6. When the Class A Units have been duly delivered by the Company against the payment of consideration therefor specified in the applicable Agreements, and as contemplated in the Registration Statement, such Class A Units will constitute valid and legally binding obligations of the Company.

 

 

 

Mintz, Levin, Cohn, Ferris, Glovsky and Popeo, P.C.

 

November 22, 2016

Page 3

 

7. When the Class B Units have been duly delivered by the Company against the payment of consideration therefor specified in the applicable Agreements, and as contemplated in the Registration Statement, such Class B Units will constitute valid and legally binding obligations of the Company.

 

Our opinion is limited to the General Corporation Law of the State of Delaware, the laws of the State of New York and the United States federal laws, and we express no opinion with respect to the laws of any other jurisdiction.
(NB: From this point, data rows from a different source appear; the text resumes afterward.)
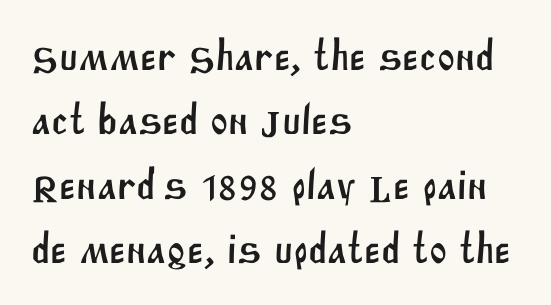
{"serif": "no", "width": "normal", "stroke_contrast": "medium", "x_height": "large", "monospaced": "no", "underline": "no", "align": "left", "line_spacing": "normal", "line_spacing_ratio": 1.5, "letter_spacing": "normal", "letter_spacing_em": 0.0, "glyph_px": 43}
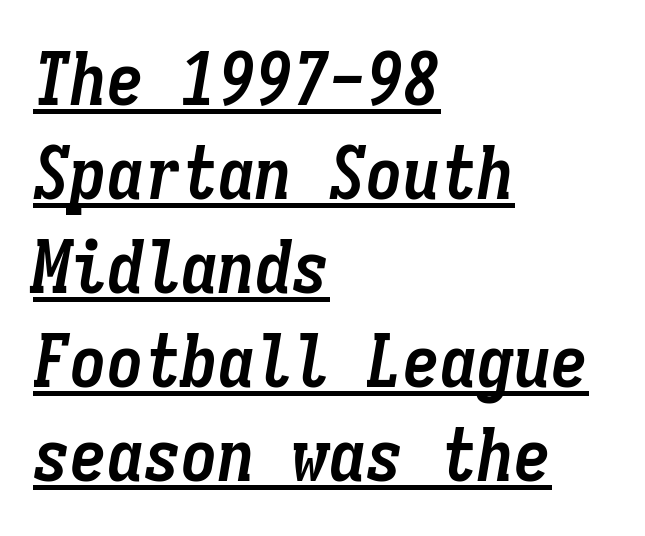
{"italic": "yes", "lean": "right", "slant_degrees": 9, "bold": "yes", "weight": "semibold", "width": "condensed", "stroke_contrast": "low", "x_height": "medium", "monospaced": "yes", "underline": "yes", "align": "left", "line_spacing": "normal", "line_spacing_ratio": 1.27, "letter_spacing": "normal", "letter_spacing_em": 0.0, "glyph_px": 74}
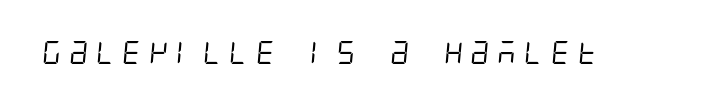
Plain, unruled lines of type. Unbolded letterforms with no extra heft. Inter-character spacing is expanded well beyond the font's built-in metrics.
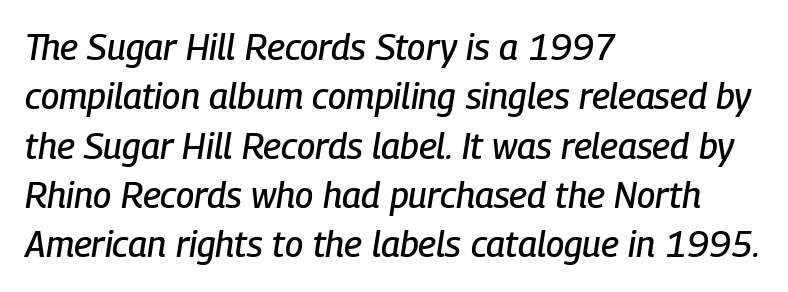
{"italic": "yes", "lean": "right", "slant_degrees": 9, "width": "condensed", "stroke_contrast": "low", "x_height": "medium", "monospaced": "no", "underline": "no", "align": "left", "line_spacing": "normal", "line_spacing_ratio": 1.37, "letter_spacing": "normal", "letter_spacing_em": 0.0, "glyph_px": 36}
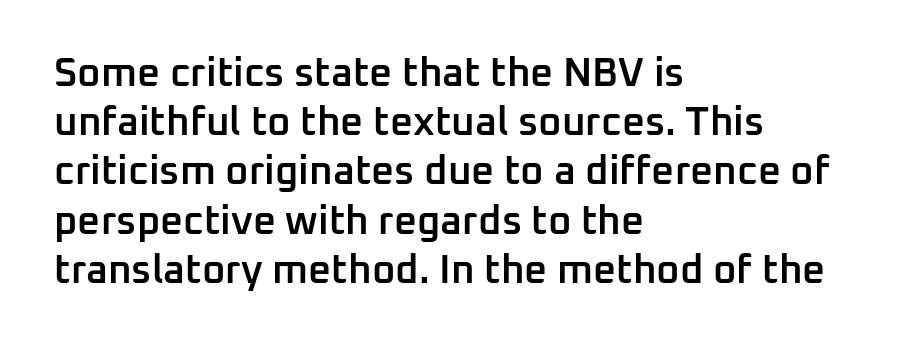
The image shows 40 px semibold sans-serif type, upright; set left-aligned, line spacing 1.23x, normal letter spacing, not underlined; low stroke contrast and a medium x-height.
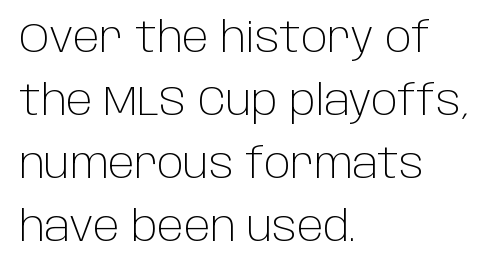
Think standard paragraph weight, or any step lighter than that. Notice how the passage keeps a crisp vertical edge on the left only. This sample uses an upright cut, with every glyph sitting square on the baseline. This block has exactly the height ordinary leading produces. The baseline area is clear.
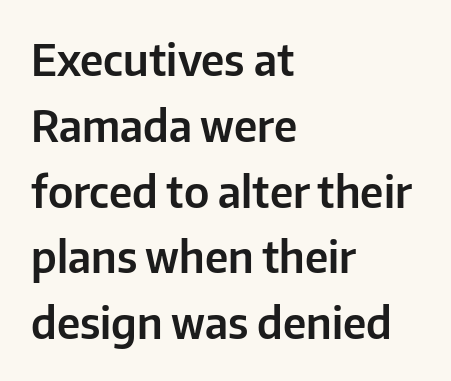
The face used here is proportionally spaced, like ordinary book or web type. Stroke terminals: plain, sans-serif. Baseline-to-baseline distance is the conventional proportion of letter height. Tall strokes in this sample are plumb rather than angled. The line texture is even and compact thanks to regular tracking.
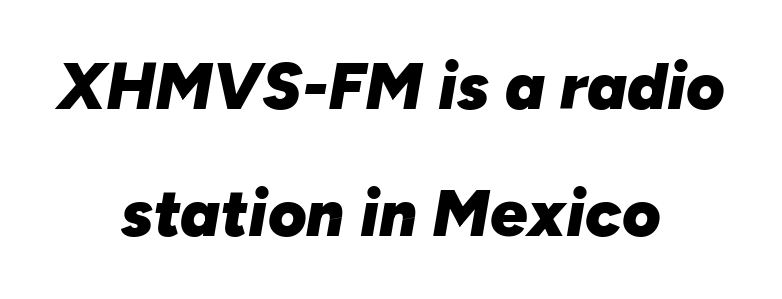
Is the letter spacing exaggerated? No — it looks like the ordinary default. Designer's note — italics engaged. Each row of text sits above clean, open space. Is this a fixed-width face? No — the glyphs have proportional, varying widths. Caption: multi-line text, centered on the measure. Typesetter's note: full bold, strokes at maximum text heaviness.
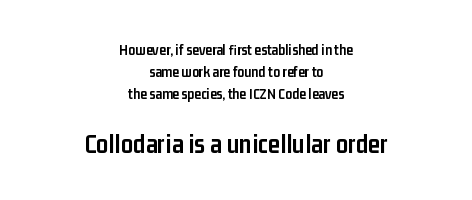
Q: Is the text bold? A: Yes.
Q: Is the text italic (slanted)? A: No, it is upright.
Q: Is the text underlined? A: No.
Q: How is the paragraph aligned? A: Centered.
Q: Is the spacing between letters normal or unusually wide? A: Normal.
Q: Is the spacing between lines tight, normal or loose? A: Normal.
Q: Which block of text is set in a larger size, the first (top) or the second (bottom)? A: The second (bottom) one.
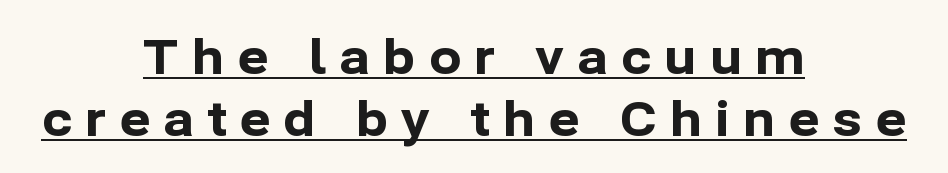
The image shows 48 px bold sans-serif type, upright; set centered, normal line spacing (1.29x), unusually wide letter spacing (+0.27 em), underlined; low stroke contrast and a medium x-height.

No opinion is expressed herein with respect to the qualification of the Securities under the securities or blue sky laws of any state or any foreign jurisdiction.

 

Please note that we are opining only as to the matters expressly set forth herein, and no opinion should be inferred as to any other matters. This opinion is based upon currently existing statutes, rules, regulations and judicial decisions, and we disclaim any obligation to advise you of any change in any of these sources of law or subsequent legal or factual developments which might affect any matters or opinions set forth herein.

 

We hereby consent to the filing of this opinion with the Commission as an exhibit to the Registration Statement in accordance with the requirements of Item 601(b)(5) of Regulation S-K promulgated under the Securities Act and to the use of this Firm’s name therein and in the Prospectus under the caption “Legal Matters.” In giving such consent, we do not hereby admit that we are in the category of persons whose consent is required under Section 7 of the Securities Act or the rules and regulations of the Commission.

 

  Very truly yours,
   
 
  Mintz, Levin, Cohn, Ferris, Glovsky and Popeo, P.C.